Lotte van Dillen has been awarded a NWO funding for a research project in collaboration with Wilhelm Hofmann of the University of Cologne and Henk van Steenbergen of Leiden University about hedonic compensation.

The research proposal of social and organisational psychologist Van Dillen underwent a peer review process and was then assessed by a panel of international academics experts.

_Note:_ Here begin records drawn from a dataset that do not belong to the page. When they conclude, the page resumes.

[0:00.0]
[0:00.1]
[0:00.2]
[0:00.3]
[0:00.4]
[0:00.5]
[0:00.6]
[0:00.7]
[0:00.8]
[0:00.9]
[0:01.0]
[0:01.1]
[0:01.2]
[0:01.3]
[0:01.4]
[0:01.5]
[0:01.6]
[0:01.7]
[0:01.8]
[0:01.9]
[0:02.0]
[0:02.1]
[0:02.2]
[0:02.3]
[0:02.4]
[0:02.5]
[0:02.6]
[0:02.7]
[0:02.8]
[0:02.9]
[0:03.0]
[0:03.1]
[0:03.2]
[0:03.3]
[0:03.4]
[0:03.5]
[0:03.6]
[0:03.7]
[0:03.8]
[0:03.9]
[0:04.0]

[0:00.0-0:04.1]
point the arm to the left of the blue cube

The project will be funded with 550.000 euros for research up to three years in collaboration with the German social psychologist Hofmann and the Leiden cognitive psychologist Van Steenbergen.  Funding has come from the Open Research Area for the Social Sciences (ORA), a European scheme in which the Netherlands Organisation for Scientific Research (NWO) participates. 

Work Hard, Play Hard

Neuropsychological Correlates and Behavioral Implications of Hedonic Compensation.
Lotte van Dillen, Leiden University (NL); Wilhelm Hofmann, Cologne University (D); Henk van Steenbergen, Leiden University (NL)
Fourteen Dutch Researchers Funded for Collaborative Projects across Europe and Japan

Proposal

People pay less and less attention to their meals and often eat while watching TV, while driving, or while monitoring their computers. At the same time, foods and drinks have become sweeter, saltier, and fatter over the past decades. We argue that these are not independent trends. Engaging in activities requires mental capacity. This capacity is limited, leaving less room for processing of sensory information such as taste. We posit that mental load, induced by concurrent tasks or concerns, interferes with reward processing from consumption. Because people strive to obtain pleasure from the goods they consume, they employ compensatory behaviors to up-regulate hedonic value. We advance a new framework to understand this phenomenon, which we label hedonic compensation.

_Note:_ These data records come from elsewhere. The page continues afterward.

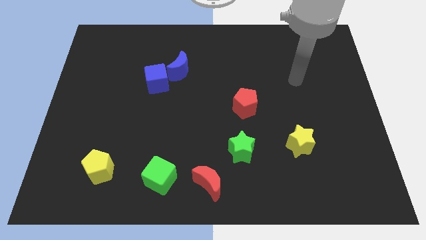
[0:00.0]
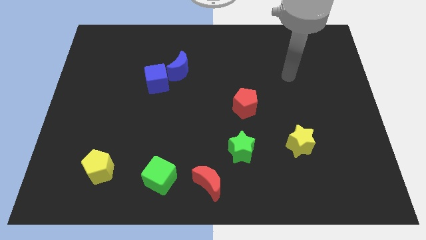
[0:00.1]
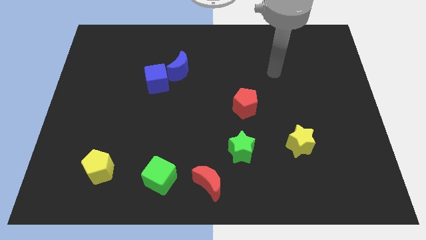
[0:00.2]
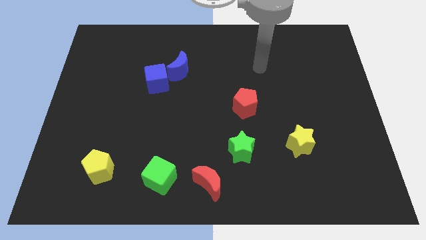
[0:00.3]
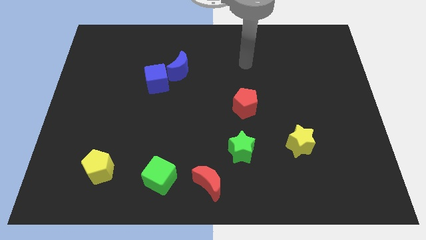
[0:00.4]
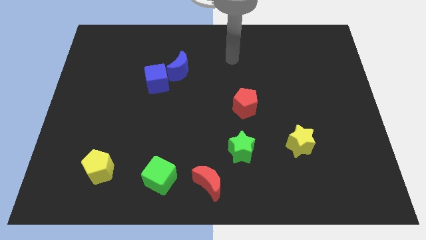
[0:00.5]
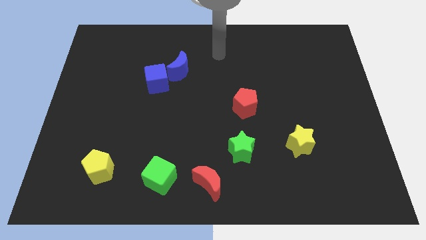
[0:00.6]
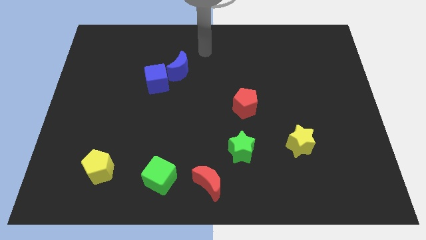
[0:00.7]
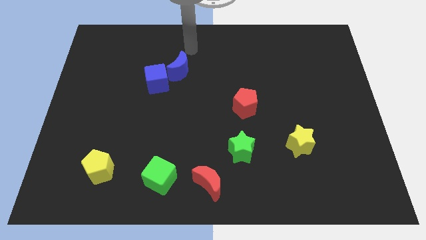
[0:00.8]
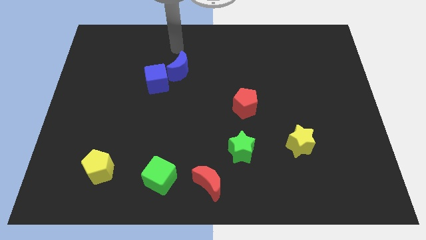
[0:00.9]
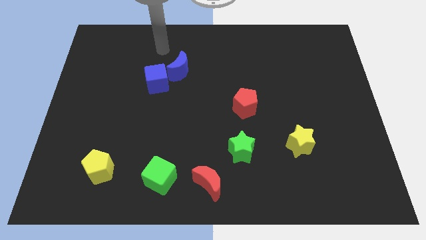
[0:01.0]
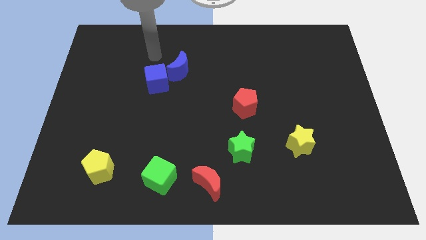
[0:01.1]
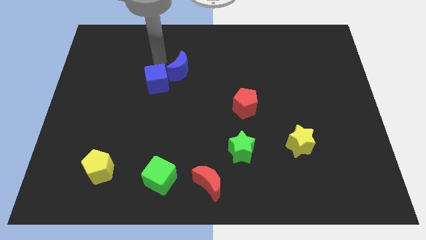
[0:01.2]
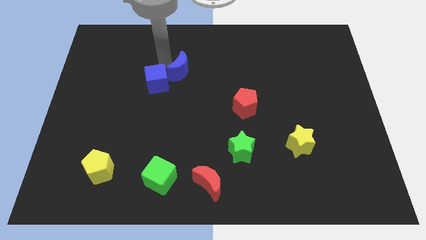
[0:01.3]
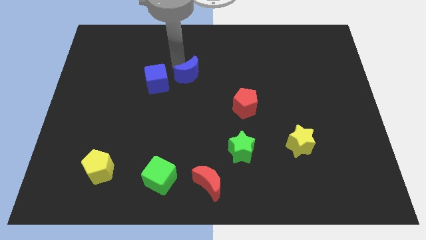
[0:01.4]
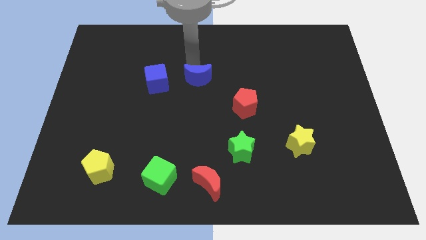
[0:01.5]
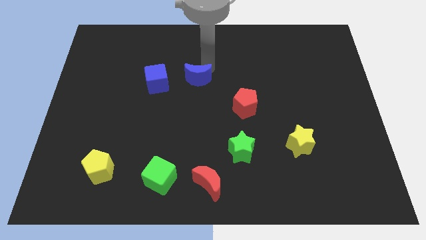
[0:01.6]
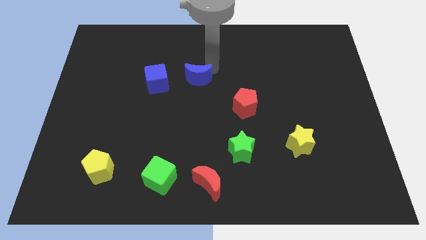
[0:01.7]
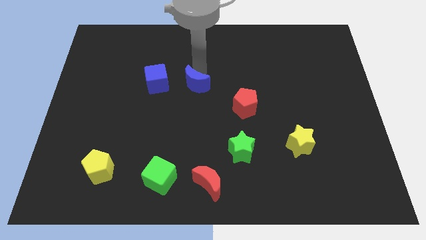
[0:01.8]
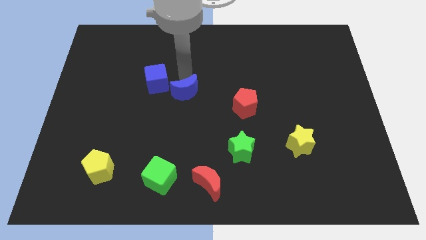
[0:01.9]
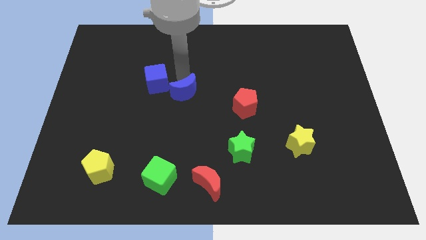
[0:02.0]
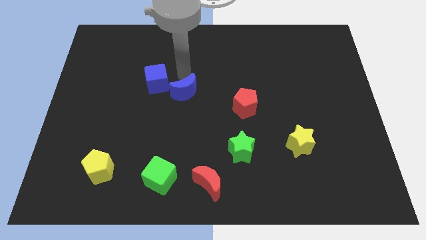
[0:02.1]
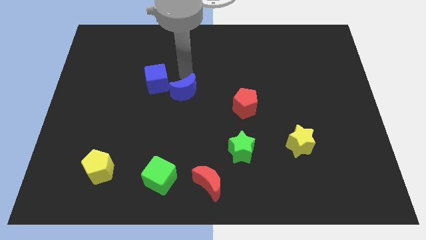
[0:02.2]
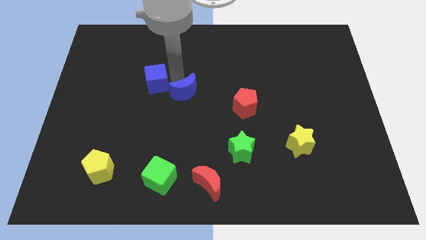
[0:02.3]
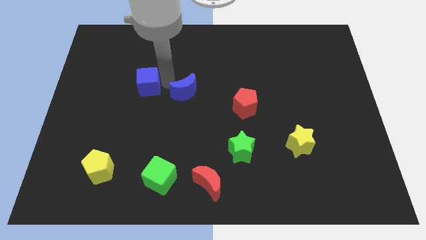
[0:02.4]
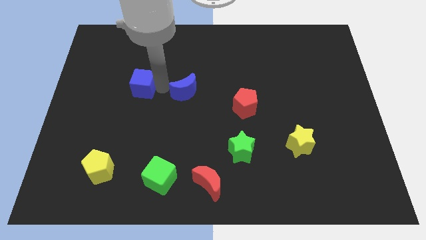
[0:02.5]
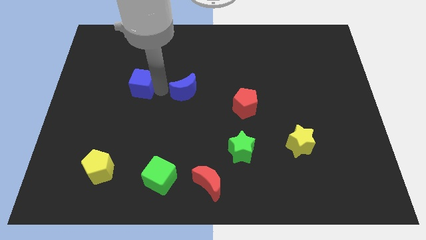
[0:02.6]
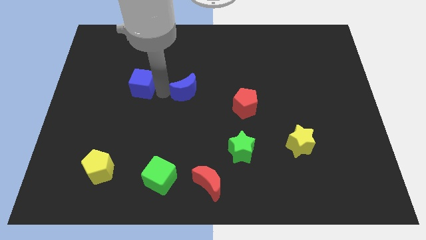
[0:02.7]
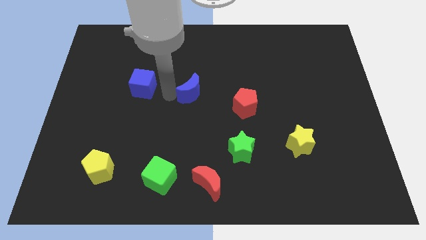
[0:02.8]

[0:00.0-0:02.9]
separate the blue crescent and blue cube

We will integrate lab-based behavioral neuroscience experiments with experience sampling studies in the field. By linking neural reward responses to sweet substances with consumption, we examine how reduced hedonic processing under mental load leads to compensation. By extending our findings to other consumption domains, and to the real world, we study the general nature of hedonic compensation. In our project, we combine the expertise of two research labs to gain more insight in the relationship between mental capacity, hedonic experience, and consumption, and in the problems resulting from an imbalance between these factors. This, in turn, may lead to new tools to help people live a fulfilling and healthy life.